Once the evidence has been received, which usually takes up to five weeks, it will be assessed to ensure the validity of the claim and for non-disclosure and once a decision is made, the customer is notified with valid claims paid within a few days. If further evidence is required, the process continues with the customer being kept informed of progress. On average, the whole process takes six to eight weeks.
In 2008, the average acceptance rate for critical- illness claims across the industry rose to 88.6 per cent from 85.5 per cent in 2007; death claims paid also increased over the same period from 98.4 per cent to 99.1 per cent.
These improvements can be directly attributed to the process improvements that the industry implemented during 2008.
For death claims, the following process will apply:
Once the claim form is received and assessed, the original death certificate will be required identifying the customer, their marital status and the cause of death.
Without the death certificate, the claim team will not know what additional evidence they will need to be able to make a decision on the claim. The claim team could ask for medical or coroner’s reports to check validity and, as above, for non-disclosure.
The claim team will also need to eliminate suspicious circumstances surrounding the cause of death such as murder of the policyholder or fake suicide.
If grant of probate has been requested by the company, this must be sent. In some instances, such as joint-life first-death, claims will not need a grant of probate because the proceeds are paid to the surviving partner and do not form part of the estate.
Once all the evidence has been received and assessed, a decision will be made and the executors or the trustees will be notified with payment of the claim made within a few days.
Without the original documentation, the company will not be able to authorise the payment of the claim.
Upon death, assets of the deceased will form their estate. This is distributed according to their will or according to laws of intestacy if there is no will.
Prior to the estate being distributed, the person responsible for administering will have to apply for a grant of probate, depending on the size of the estate. Secondly, any inheritance tax will have to be paid, often before probate allows funds to be released.
Grant of probate
Probate is the legal procedure by which a will is authenticated and confirms the authority of the executors to administer its contents. The grant of probate is a certificate that validates the will and authorises the executors to administer the estate. Letters of administration are the equivalent to probate for individuals who die without a will (dying intestate).
The insurer will advise the customer if a grant is one of the requirements needed for the claim. In these cases, the executors must apply for a grant. It is then necessary to obtain all the information about the estate, which can take up to six months or more.

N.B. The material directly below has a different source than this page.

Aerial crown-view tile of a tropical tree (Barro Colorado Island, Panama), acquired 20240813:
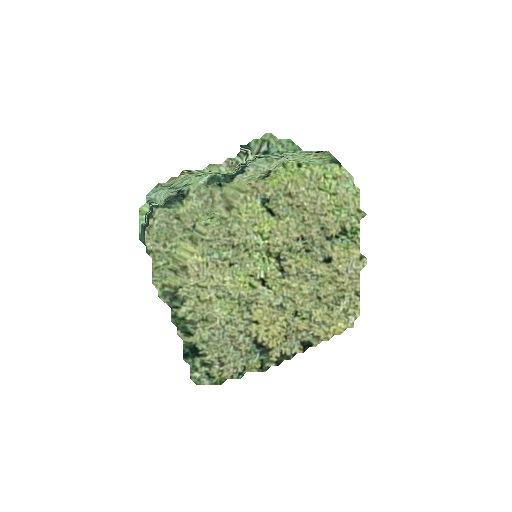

There is a small cost associated plus legal fees and the executors will have to swear an oath.
Any asset that is written in trust will either be paid to the beneficiaries directly, if that is the instruction of the trustees, or via the trustees without having to obtain the grant of probate as the asset does not form part of the estate.
This means the proceeds of the trust will be available quickly to meet any outstanding inheritance tax liabilities. Trustees will need to have a bank account in place for the insurer to make payment.
Tips to speed up payment
- Ensure there is an appropriate bank account set up for payment to trustees
- Check the insurer has the most current details for the customer, executor and trustee
- Help the insurer to chase any outstanding medical reports
- Share any additional information with the insurer regarding cause of death, especially if an inquest is to be held.
If the adviser follows these tips, they can help make the claim process as smooth as possible, ensuring a good experience for the customer, with valid claims being paid quickly by the insurer.